**WORK ORDER:**
Please reproduce the data below exactly, from the first line through the line containing "2011','Autodesk Inventor 2011','');", and leave every later line out.

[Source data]

========

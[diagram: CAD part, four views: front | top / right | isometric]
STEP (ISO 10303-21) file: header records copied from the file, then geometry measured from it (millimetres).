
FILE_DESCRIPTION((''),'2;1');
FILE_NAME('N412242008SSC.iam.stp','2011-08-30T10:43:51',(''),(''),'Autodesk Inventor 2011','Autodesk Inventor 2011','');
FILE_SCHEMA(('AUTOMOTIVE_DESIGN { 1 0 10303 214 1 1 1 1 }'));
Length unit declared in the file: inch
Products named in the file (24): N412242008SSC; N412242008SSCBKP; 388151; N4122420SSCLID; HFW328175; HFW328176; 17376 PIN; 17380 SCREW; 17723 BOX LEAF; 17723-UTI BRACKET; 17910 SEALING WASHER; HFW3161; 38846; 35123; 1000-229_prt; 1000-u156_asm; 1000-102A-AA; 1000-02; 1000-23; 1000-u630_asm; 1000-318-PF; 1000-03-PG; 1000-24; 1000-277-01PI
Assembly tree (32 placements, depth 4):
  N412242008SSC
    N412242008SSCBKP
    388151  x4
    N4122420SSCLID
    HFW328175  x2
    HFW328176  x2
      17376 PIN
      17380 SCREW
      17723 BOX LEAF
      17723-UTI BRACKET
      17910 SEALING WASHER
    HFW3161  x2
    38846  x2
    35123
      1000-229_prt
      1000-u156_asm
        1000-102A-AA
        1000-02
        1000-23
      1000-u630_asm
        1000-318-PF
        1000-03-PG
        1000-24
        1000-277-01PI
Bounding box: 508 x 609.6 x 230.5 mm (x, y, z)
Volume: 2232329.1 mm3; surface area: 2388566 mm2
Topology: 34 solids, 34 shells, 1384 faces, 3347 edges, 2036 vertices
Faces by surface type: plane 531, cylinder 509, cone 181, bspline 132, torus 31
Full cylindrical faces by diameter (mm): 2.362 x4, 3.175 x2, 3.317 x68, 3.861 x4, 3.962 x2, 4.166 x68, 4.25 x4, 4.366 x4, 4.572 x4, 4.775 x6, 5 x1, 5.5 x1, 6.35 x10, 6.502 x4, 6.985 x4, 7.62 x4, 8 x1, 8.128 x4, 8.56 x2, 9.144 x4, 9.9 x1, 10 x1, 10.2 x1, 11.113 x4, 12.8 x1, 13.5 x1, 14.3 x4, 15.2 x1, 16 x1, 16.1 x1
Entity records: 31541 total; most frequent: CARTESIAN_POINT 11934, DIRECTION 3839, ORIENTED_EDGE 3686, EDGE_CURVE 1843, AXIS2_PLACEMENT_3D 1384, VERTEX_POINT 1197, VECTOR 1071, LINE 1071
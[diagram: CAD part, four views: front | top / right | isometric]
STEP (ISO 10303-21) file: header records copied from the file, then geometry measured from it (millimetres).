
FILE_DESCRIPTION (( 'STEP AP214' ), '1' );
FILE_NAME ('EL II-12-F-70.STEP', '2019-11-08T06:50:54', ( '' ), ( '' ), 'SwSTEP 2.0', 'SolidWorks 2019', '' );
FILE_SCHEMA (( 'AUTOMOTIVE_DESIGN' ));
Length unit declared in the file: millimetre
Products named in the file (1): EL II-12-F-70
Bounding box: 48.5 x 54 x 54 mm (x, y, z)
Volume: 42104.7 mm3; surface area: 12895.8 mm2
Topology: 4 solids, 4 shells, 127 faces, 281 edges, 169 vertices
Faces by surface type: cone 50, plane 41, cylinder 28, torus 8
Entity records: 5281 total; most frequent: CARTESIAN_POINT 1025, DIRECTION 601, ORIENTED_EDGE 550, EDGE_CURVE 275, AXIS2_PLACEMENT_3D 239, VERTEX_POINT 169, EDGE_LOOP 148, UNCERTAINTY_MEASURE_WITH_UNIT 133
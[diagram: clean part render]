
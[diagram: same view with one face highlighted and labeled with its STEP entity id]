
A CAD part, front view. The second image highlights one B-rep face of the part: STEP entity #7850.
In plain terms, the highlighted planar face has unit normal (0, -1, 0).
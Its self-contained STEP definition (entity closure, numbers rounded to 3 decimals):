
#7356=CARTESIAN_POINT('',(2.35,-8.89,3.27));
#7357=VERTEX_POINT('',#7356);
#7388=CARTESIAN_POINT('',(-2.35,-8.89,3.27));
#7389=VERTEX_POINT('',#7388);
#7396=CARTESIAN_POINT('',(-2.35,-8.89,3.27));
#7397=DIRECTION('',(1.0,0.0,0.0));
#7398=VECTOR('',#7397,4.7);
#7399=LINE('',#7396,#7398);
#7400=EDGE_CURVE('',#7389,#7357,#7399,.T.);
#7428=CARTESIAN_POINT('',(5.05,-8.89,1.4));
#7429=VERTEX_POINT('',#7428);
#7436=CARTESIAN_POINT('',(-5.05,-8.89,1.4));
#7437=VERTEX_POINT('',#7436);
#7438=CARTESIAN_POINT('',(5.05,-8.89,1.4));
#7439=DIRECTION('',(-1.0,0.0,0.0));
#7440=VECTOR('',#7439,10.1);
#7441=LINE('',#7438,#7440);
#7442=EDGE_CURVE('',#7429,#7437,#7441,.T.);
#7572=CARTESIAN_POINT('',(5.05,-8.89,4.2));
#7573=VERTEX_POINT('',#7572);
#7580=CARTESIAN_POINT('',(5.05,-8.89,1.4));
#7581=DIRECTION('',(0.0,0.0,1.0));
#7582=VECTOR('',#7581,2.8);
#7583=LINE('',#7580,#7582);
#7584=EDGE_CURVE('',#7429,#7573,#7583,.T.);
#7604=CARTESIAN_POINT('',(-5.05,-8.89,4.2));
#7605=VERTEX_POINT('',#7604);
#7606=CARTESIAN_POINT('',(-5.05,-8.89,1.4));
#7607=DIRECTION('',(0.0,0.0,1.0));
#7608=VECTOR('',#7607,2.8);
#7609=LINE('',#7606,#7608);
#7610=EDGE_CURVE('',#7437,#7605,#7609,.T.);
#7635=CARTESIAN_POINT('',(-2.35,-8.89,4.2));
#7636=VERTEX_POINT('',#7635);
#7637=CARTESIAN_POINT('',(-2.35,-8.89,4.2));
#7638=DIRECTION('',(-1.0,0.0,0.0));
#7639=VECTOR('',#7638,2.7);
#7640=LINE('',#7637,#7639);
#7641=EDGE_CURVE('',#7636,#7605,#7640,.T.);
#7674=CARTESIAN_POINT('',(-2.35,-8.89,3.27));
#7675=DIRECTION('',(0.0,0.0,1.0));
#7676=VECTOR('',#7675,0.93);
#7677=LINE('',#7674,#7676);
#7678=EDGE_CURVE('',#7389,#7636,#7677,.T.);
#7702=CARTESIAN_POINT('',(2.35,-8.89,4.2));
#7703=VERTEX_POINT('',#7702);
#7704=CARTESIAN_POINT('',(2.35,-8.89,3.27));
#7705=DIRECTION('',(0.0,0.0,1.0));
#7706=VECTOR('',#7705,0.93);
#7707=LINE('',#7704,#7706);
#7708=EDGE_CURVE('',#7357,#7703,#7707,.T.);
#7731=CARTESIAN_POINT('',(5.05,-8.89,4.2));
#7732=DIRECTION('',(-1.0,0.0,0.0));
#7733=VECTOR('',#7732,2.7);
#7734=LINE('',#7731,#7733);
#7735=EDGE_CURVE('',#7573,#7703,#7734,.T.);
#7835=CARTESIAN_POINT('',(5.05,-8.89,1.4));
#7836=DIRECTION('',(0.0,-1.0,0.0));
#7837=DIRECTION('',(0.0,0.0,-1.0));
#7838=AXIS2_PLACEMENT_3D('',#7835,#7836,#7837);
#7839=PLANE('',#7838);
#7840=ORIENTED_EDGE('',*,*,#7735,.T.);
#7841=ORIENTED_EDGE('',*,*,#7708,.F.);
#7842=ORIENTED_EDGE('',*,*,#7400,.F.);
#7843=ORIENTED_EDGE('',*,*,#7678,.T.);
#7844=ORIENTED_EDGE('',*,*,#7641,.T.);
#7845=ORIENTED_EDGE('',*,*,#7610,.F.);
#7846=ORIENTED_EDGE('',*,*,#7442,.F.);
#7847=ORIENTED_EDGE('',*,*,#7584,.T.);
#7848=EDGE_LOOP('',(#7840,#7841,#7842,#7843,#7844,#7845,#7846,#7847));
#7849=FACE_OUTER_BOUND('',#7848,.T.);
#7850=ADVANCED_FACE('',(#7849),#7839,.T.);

========

**OUTPUT:**
[diagram: CAD part, four views: front | top / right | isometric]
STEP (ISO 10303-21) file: header records copied from the file, then geometry measured from it (millimetres).
FILE_DESCRIPTION((''),'2;1');
FILE_NAME('N412242008SSC.iam.stp','2011-08-30T10:43:51',(''),(''),'Autodesk Inventor 2011','Autodesk Inventor 2011','');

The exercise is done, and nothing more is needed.